8. Not happy about retroactively DL-ing Duchscherer. According to the math, he can pitch on Saturday, which is his next scheduled start. According to his history of granny cripple hips, he's out for the season and needing surgery. So I'm trudging a DL pitcher till Saturday to see if he's taking another year off. Although, high-five Braden for a perfect game, even though he isn't on my team.

Thursday

May 6, 2010

1. For some reason, I was remembering the TV show "The Courtship of Eddy's Father." I don't remembering it being good. I do remember being a small kid and thinking it was cheesy, before I had a word to put with that phenomenon.

2. My building neighbors actually stood up for me today. When I was walking back home after buying a pineapple in the hutong, a guy came a little too close to hitting me on his moped in the parking lot and a group of my neighbors called him back and made him apologize. This is a long way from the cold shoulder I got when I first moved in back in January, being the first foreigner in the complex. I feel pretty good about this.

3. Sanjay brought in Toto's song "Africa" to work yesterday to boost our spirits in what has been a pretty lackluster week. Mission accomplished. No one knew the actual words (which after looking them up later are rather dire), but we all sang. We replayed and sang it again before the end of lunch. It had us laughing well into after hours beers.

4. I ditched half my fantasy bullpen this week. My hitters control most of the stats (Runs, HR, RBIs), but I'm solidly mid-range when it comes to my pitchers. Duchscherer is still on the roster but he better get healthy or put on the DL quickly.

5. Have been skipping around Alan Kaprow's Essays on the Blurring of Art and Life (U of California, repr. 2003).

6. One of the few benefits of growing up in Detroit is that Ernie Harwell (radio), Al Kaline and George Kell (TV) [all Hall of Famers] will always be the voices I hear when I think of baseball. To put it very kindly, the play by plays now compared to my youth are simply lacking. Detroit was a good place for baseball announcing. Kell and Harwell will both be missed by generations of Tigers fans.

Wednesday

May 5, 2010

Since the May Day holiday, there have been armed cops nearly everywhere.
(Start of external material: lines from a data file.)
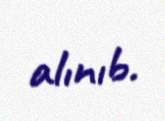
alınıb.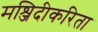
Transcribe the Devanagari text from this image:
मश्जिदीकरिता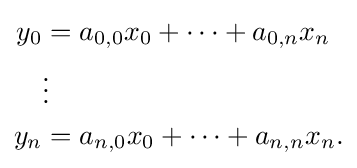
{\begin{aligned}y_{0}&=a_{0,0}x_{0}+\dots +a_{0,n}x_{n}\\&\vdots \\y_{n}&=a_{n,0}x_{0}+\dots +a_{n,n}x_{n}.\end{aligned}}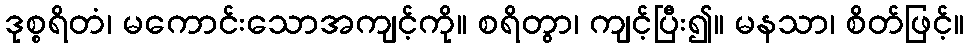
ဒုစ္စရိတံ၊ မကောင်းသောအကျင့်ကို။ စရိတွာ၊ ကျင့်ပြီး၍။ မနသာ၊ စိတ်ဖြင့်။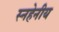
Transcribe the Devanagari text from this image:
स्नहेनीय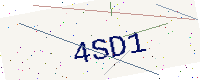
Text: 4SD1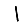
Digit: 1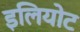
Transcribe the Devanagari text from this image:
इलियोट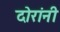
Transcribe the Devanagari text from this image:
दोरांनी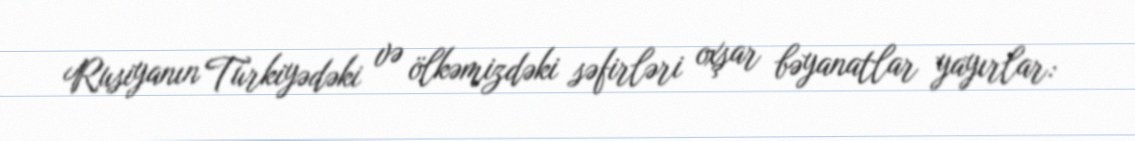
Rusiyanın Türkiyədəki və ölkəmizdəki səfirləri oxşar bəyanatlar yayırlar:

Almost every farmer with a low level job here looks like military: the parking lot attendant where I work is kitted out in fatigues and what seems to be an Italian military beret. When I first came to China, I thought they had a soldier every five feet you went, but it turns out that the police and soldier presence is actually much lower than you'd think, and that flunkies minding car parks and hotel gates are dressed up overly soldierly, so you'd show them some respect when they start barking orders at you.

So when holidays roll around (like May Day), Beijing puts the full force of the police department on show. Two cops at every subway stop or busy bus stop. They're all wearing the black SWAT looking uniforms and toting rifles. You know they're cops by the writing on their bullet proof vests. There's no mistaking them for parking lot attendants.

I'm not sure how this reads to the Chinese, but the need for a show of strength and control reads just the opposite to me.